Required work: Transcription, pictures excluded: write out the data below exactly.

Stored items
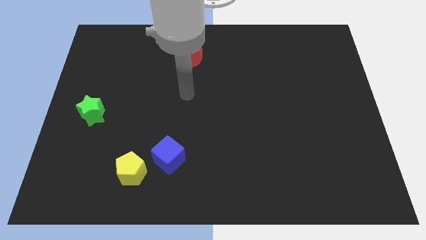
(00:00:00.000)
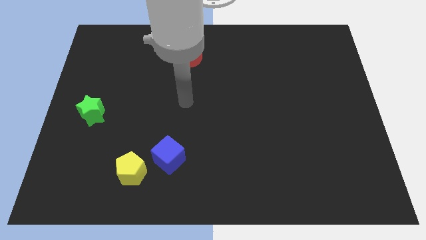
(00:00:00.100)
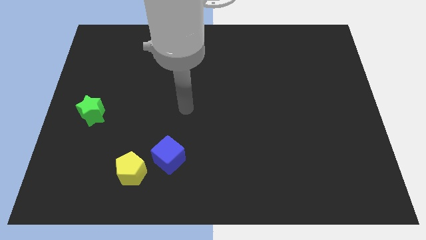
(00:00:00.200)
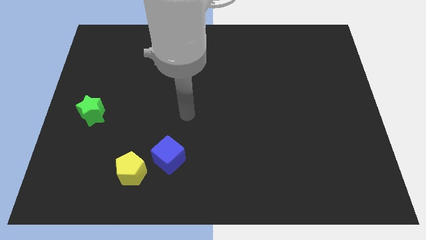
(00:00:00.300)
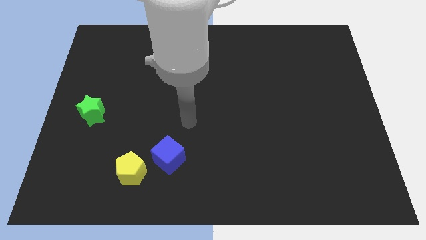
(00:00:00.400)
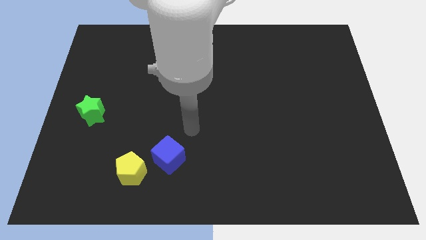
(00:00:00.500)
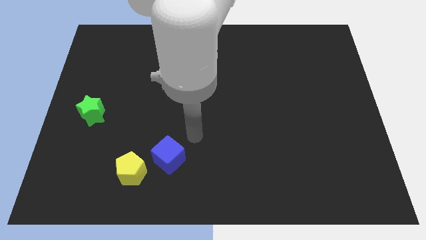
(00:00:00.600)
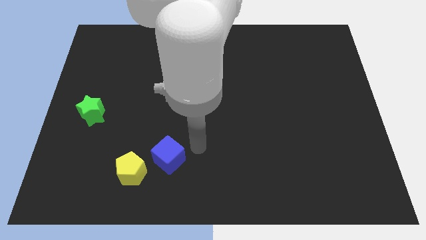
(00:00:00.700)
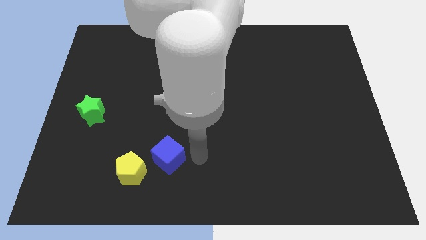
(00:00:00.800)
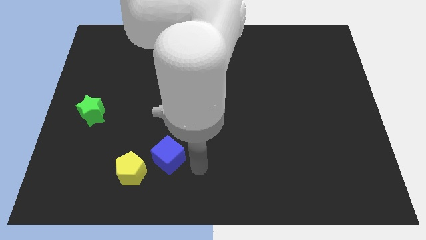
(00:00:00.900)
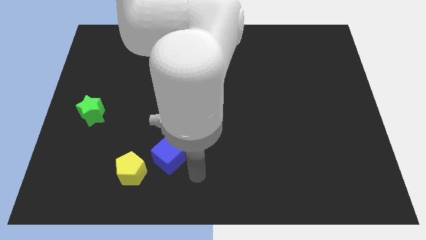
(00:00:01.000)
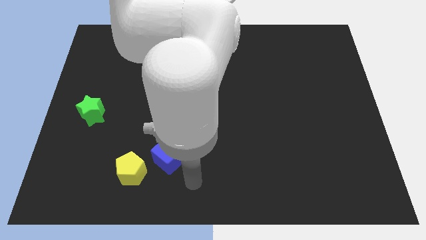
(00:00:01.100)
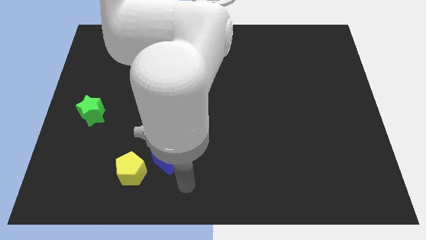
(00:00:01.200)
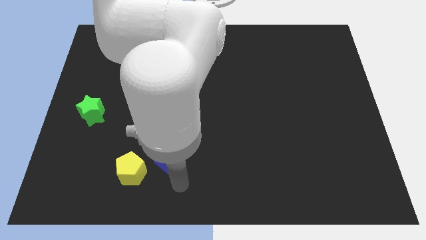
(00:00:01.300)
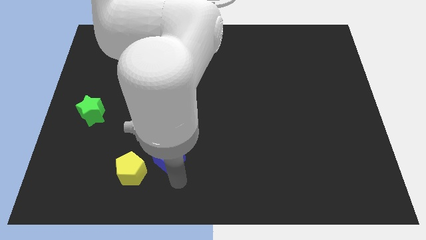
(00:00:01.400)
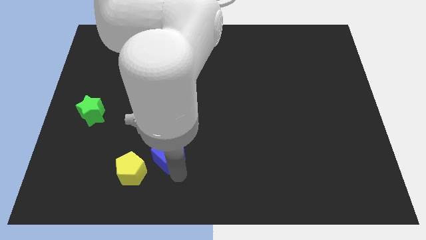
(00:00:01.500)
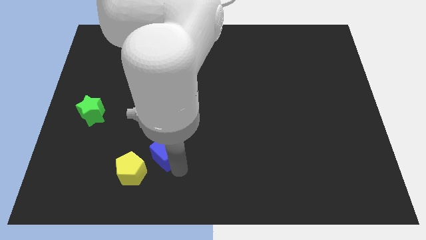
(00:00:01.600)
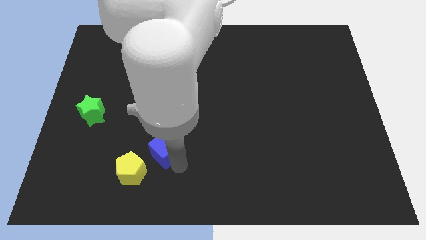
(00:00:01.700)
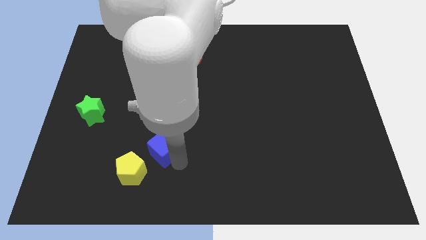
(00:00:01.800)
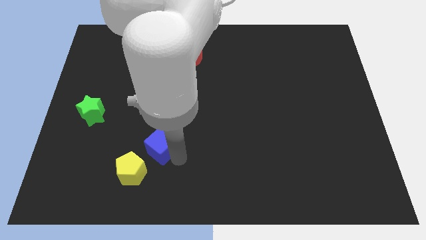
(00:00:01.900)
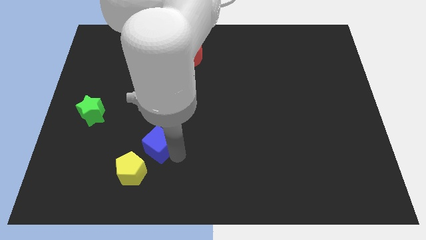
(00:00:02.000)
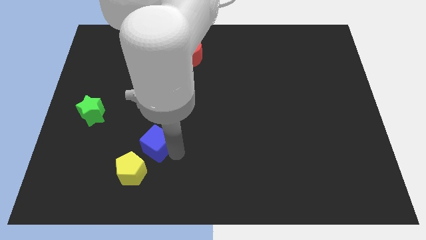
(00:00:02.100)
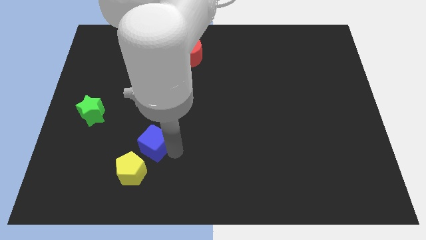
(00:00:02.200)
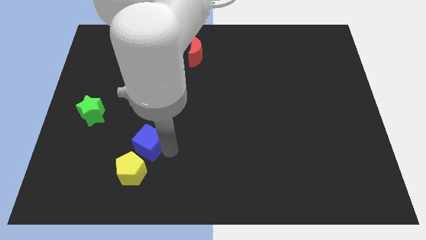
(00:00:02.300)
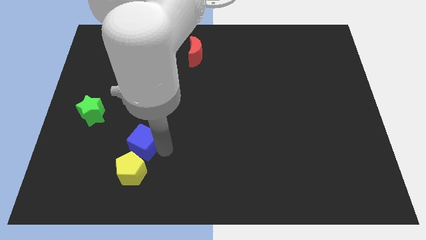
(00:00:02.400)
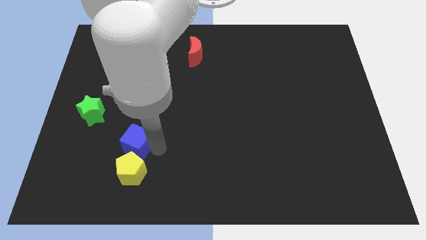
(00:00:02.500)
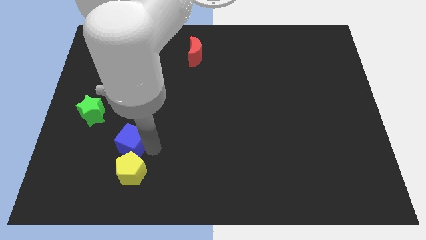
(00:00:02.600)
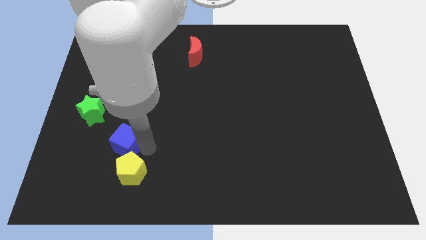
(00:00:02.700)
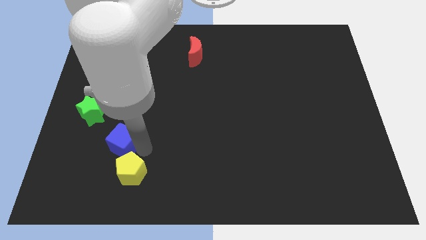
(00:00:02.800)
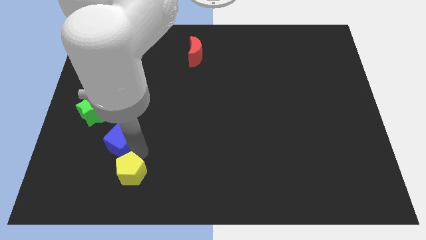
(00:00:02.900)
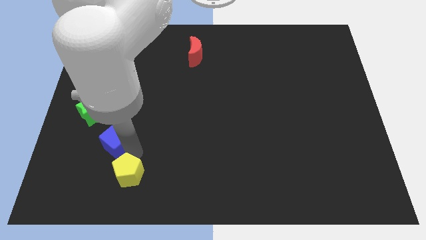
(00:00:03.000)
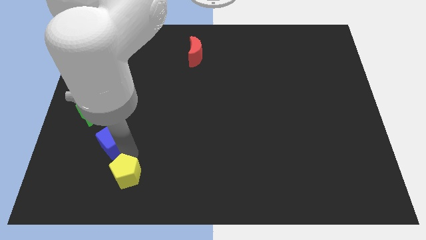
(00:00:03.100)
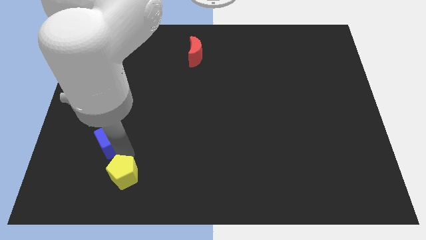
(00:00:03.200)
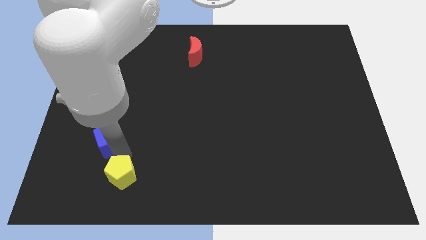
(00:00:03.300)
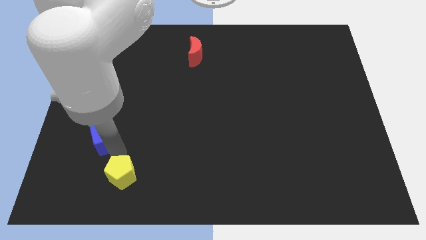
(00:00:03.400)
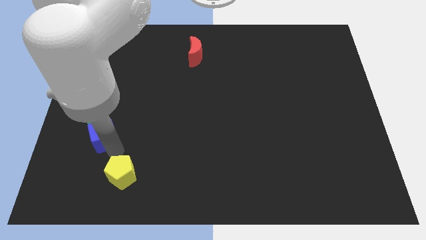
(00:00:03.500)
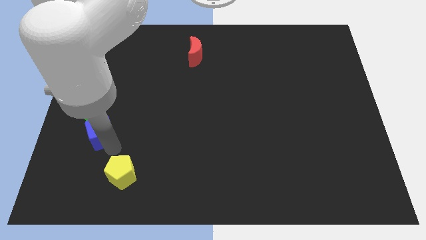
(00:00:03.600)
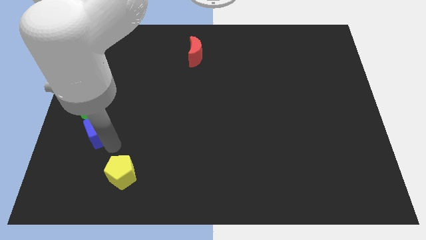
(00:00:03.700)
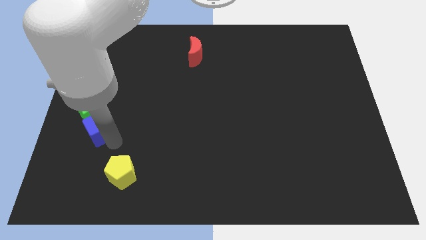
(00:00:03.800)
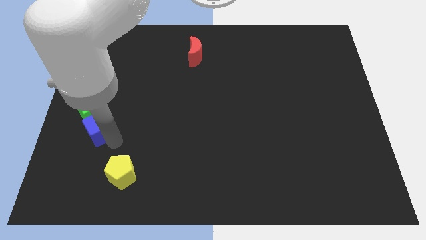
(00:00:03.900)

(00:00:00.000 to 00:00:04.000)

Task solution:
(00:00:00.000)
(00:00:00.100)
(00:00:00.200)
(00:00:00.300)
(00:00:00.400)
(00:00:00.500)
(00:00:00.600)
(00:00:00.700)
(00:00:00.800)
(00:00:00.900)
(00:00:01.000)
(00:00:01.100)
(00:00:01.200)
(00:00:01.300)
(00:00:01.400)
(00:00:01.500)
(00:00:01.600)
(00:00:01.700)
(00:00:01.800)
(00:00:01.900)
(00:00:02.000)
(00:00:02.100)
(00:00:02.200)
(00:00:02.300)
(00:00:02.400)
(00:00:02.500)
(00:00:02.600)
(00:00:02.700)
(00:00:02.800)
(00:00:02.900)
(00:00:03.000)
(00:00:03.100)
(00:00:03.200)
(00:00:03.300)
(00:00:03.400)
(00:00:03.500)
(00:00:03.600)
(00:00:03.700)
(00:00:03.800)
(00:00:03.900)

(00:00:00.000 to 00:00:04.000)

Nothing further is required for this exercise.